▶ **WORK TASK**
Set down the entries exactly as they appear, apart from the images, which stay out.

▶ **PROVIDED INFORMATION**

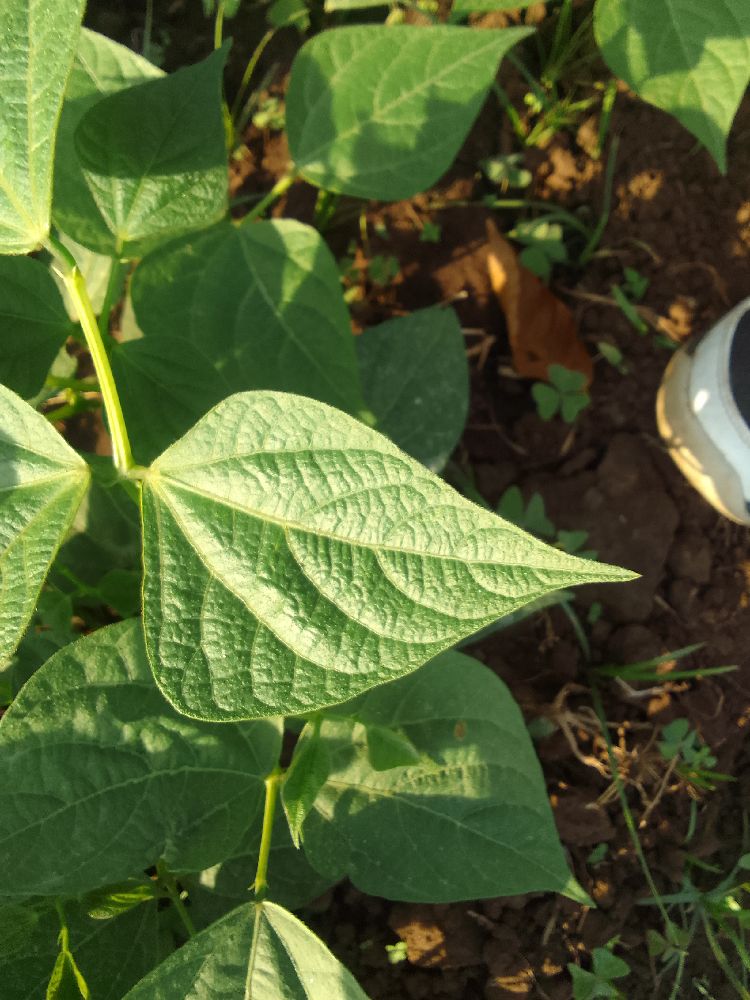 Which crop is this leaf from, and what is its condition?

common bean, healthy
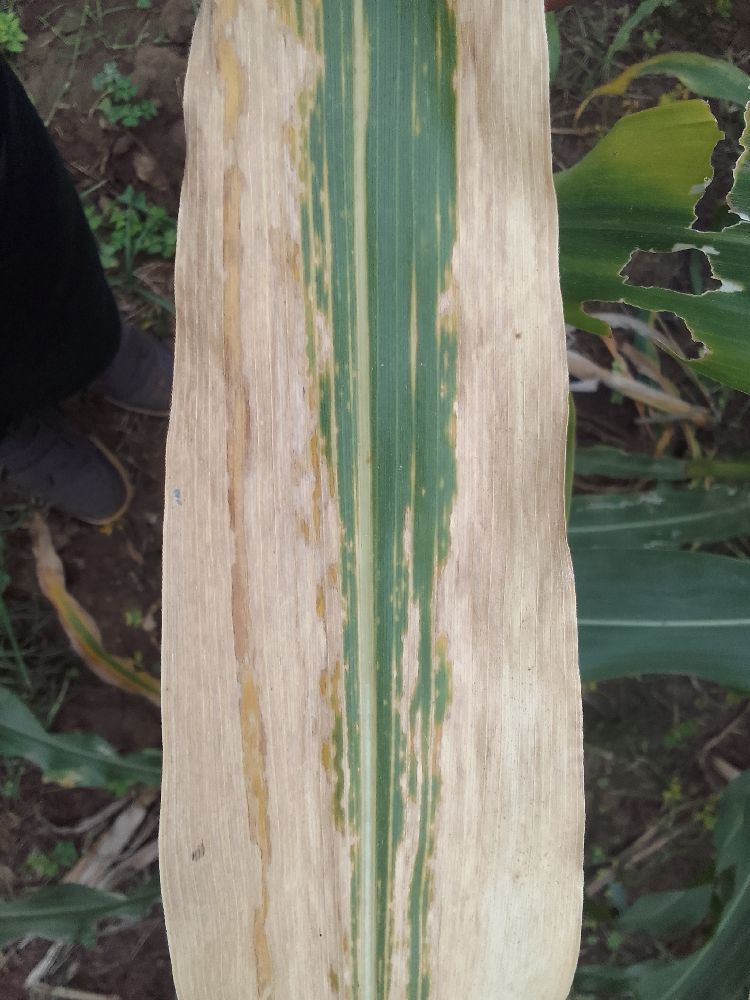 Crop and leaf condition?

maize, maize lethal necrosis
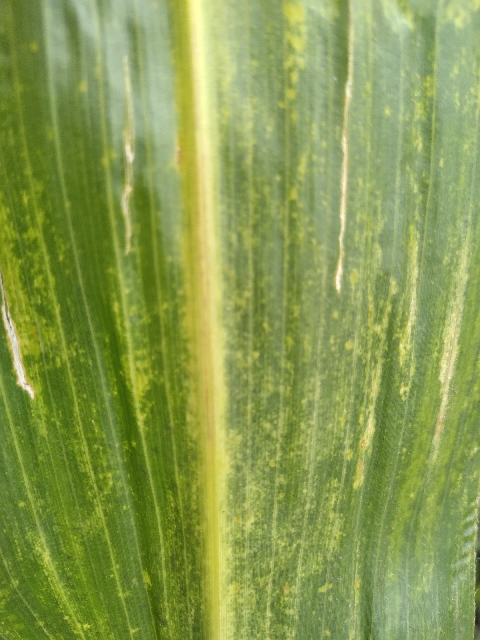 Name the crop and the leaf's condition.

maize, maize lethal necrosis
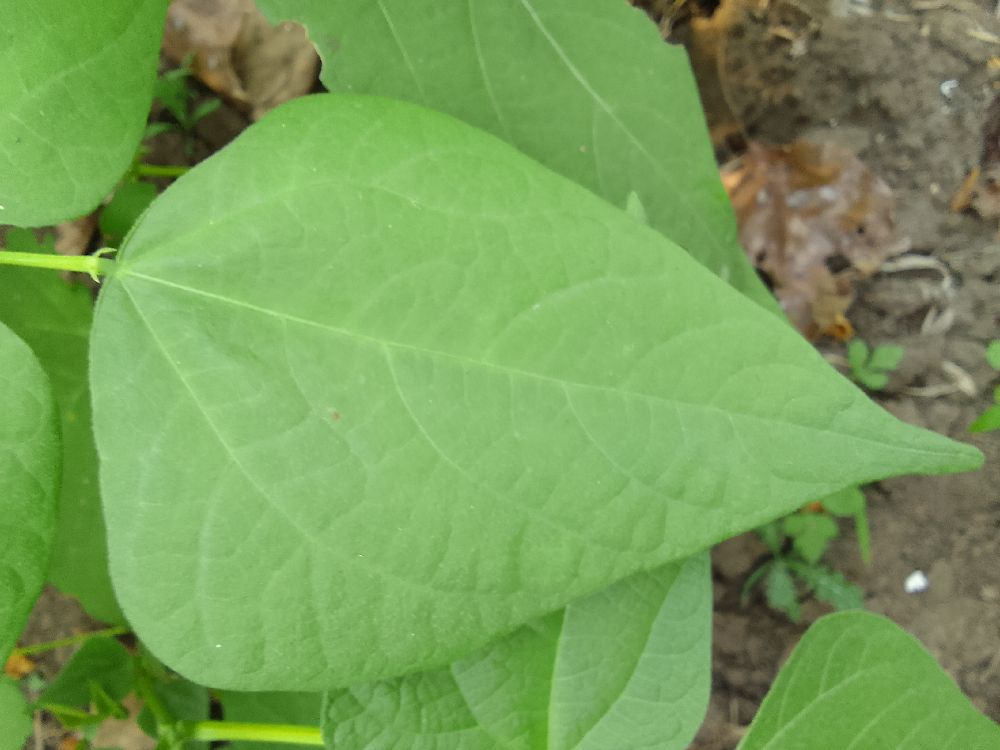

▶ **RESULT**
 Which crop is this leaf from, and what is its condition?

common bean, healthy
 Crop and leaf condition?

maize, maize lethal necrosis
 Name the crop and the leaf's condition.

maize, maize lethal necrosis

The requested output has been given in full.